Tras este dirigismo psicológico de uso del lenguaje comienzan a aportar datos, unos sí y otro no, porcentuales (no se dicen los escaños ocupados y se evitan ciertos partidos) para intentar hacer ver que la izquierda europea está fatal por culpa de los populismos de derechas (eufemismo de partidos neofascistas que para eso escriben en La Razón) y un supuesto giro a la izquierda de la socialdemocracia. Por lo pronto el Movimiento 5 Estrellas italiano de Beppe Grillo, que fue el más votado en las últimas elecciones generales italianas (25,5%) y ha obtenido un 21,2% de los votos en las europeas, debe ser que ni es de izquierdas, ni de derechas en esta falacia de la omisión de datos. Pues ahí tienen a un partido de izquierdas que no está tan mal. Como Italia no sirve de muestra, entonces hay que criticar a Jean-Luc Mélenchon que ha bajado desde las elecciones presidenciales y como allí el PSF está en descomposición, no queda nada de izquierdas. Lo malo dando un dato cierto (6,31% de los votos), en eso consiste la falacia, esconden que los ecologistas (que cambian sus apoyos en las presidenciales por el tipo de sistema electoral mayoritario corregido) sacaron un 13, 48% y el Partido Comunista Francés un 2,49%. Hagan la suma y se muestra que la extrema izquierda en Francia suma realmente 22,28%, lo que no es un mal porcentaje.

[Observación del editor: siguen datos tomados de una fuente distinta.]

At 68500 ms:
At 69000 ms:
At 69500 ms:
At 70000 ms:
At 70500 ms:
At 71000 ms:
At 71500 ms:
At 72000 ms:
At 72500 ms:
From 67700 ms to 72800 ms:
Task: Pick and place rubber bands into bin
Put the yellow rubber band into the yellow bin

Alemania parece no existir pues con el giro a la izquierda, vamos la vuelta a ser socialdemócratas nada más (tampoco piensen que los alemanes van a hacer la revolución), ya no cuentan los partidos de ultraizquierda en el Bundestag. Y a la izquierda del SPD está Die Linke o Los Verdes con casi 140 diputados de 709 que no está mal. Esa ultraizquierda alemana ha obtenido un 26% de los votos. ¡Sí que están mal! Igual es que los partidos verdes no son ultraizquierda, son otra cosa que está ahí y sólo se sitúan en la izquierda cuando interesa al director de turno. Da igual que sea Der Spiegel o La Razón. En Gran Bretaña dicen que no existe la ultraizquierda y esconden que está aliada con el Partido Laborista, por ejemplo. Y así con diversos países europeos ocultando datos para hacer ver que la izquierda es casi un sueño del pasado en Europa. Lo peor es que, si se quiere hacer justicia, la ultraizquierda en general y mediante un análisis histórico está igual o mucho mejor cuando sólo se contaban los partidos comunistas. Incluso cuando estaban en el gobierno como ocurrió en Francia hace bien poco durante el gobierno de Lionel Jospin con el añadido del comunista Robert Hue.

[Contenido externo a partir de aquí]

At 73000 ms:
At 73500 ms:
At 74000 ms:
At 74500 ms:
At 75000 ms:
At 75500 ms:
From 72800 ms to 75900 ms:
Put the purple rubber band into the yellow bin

¿Por qué esta manipulación? Por una simple razón, intentar deslegitimar el Gobierno de Coalición pretendiendo hacer ver que es algo extraño e impropio a los parlamentos europeos lo que sucede aquí. Si la ultraizqueirda está en franca decadencia, según el argumentario de Marhuenda, no tiene sentido que en España el PSOE (que según La Razón ha virado a la izquierda sin explicar en qué) pacte con Unidas Podemos y no con el PP o con Ciudadanos (da igual que ni quieran desde la derecha o no den lo números). El corolario de esta falacia es que mejor ir a terceras elecciones y ver si así suman los neofascistas con los conservadores y así se cumple el deseo de la fracción más politizada de la clase dominante, especialmente, la mediática. Ni más, ni menos. Marhuenda intenta deslegitimar, sin importar la voluntad popular reflejada en el Congreso, el futuro gobierno con un ejemplo del exterior. Ese hacer ver que la izquierda es decadente no es algo coyuntural a lo que pasa en España, bien al contrario es un intento de manipulación para inyectar en las clases subalternas la ideología dominante, cuya máxima es la izquierda es siempre mala. Esta vez no ha colado.